(Stored dataset items)
◇ ◇ ◇ ◇

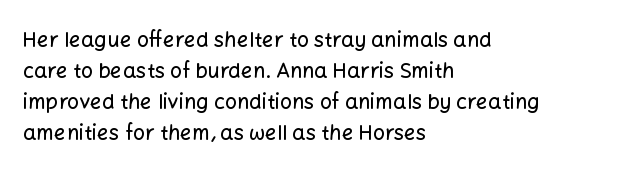
Q: Is the text italic (slanted)? A: No, it is upright.
Q: Is the text underlined? A: No.
Q: How is the paragraph aligned? A: Left-aligned.
Q: Is the spacing between letters normal or unusually wide? A: Normal.
Q: Is the spacing between lines tight, normal or loose? A: Normal.
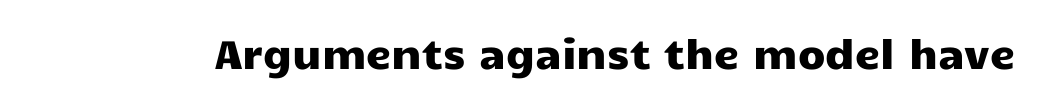
{"serif": "no", "italic": "no", "width": "wide", "stroke_contrast": "low", "x_height": "medium", "monospaced": "no", "underline": "no", "letter_spacing": "normal", "letter_spacing_em": 0.0, "glyph_px": 40}
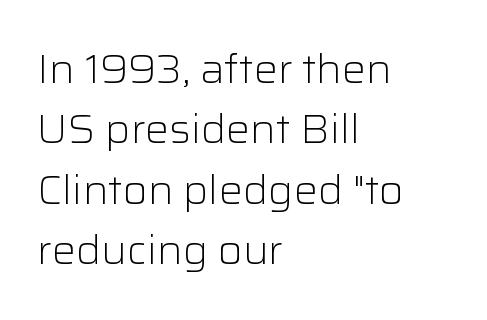
The image shows 40 px light sans-serif type, upright; set left-aligned, normal line spacing (1.51x), normal letter spacing, not underlined; low stroke contrast and a medium x-height.
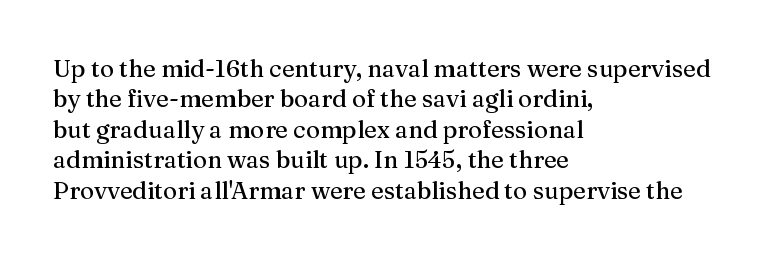
Unmarked baselines from the first word to the last. Short and long lines alike share a common starting point at left. The horizontal fit of the characters is conventional and even. Leading matches the norm, producing a regular column. In terms of posture, this sample is upright.
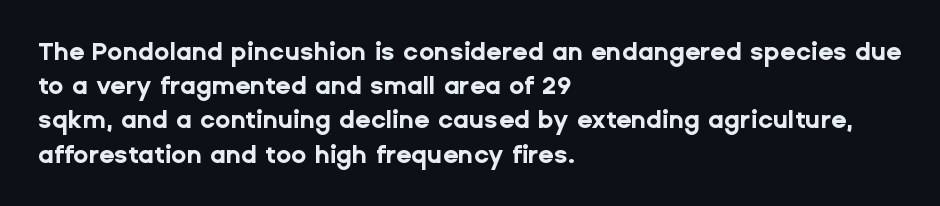
The lines in this sample share a left origin and differ only in where they stop. Summary of vertical rhythm: regular, with standard interline spacing. Italic: no, the glyphs are upright roman. The letterforms sit shoulder to shoulder at normal distance. Set as a true bold cut, around the 700 mark. The baseline area is clear.

◇ ◇ ◇ ◇

• [Problem requirements]: Each line above with the string "aligned" in it should be located and copied.

• [Completed task]:
Q: How is the paragraph aligned? A: Left-aligned.
The image shows 40 px light sans-serif type, upright; set left-aligned, normal line spacing (1.51x), normal letter spacing, not underlined; low stroke contrast and a medium x-height.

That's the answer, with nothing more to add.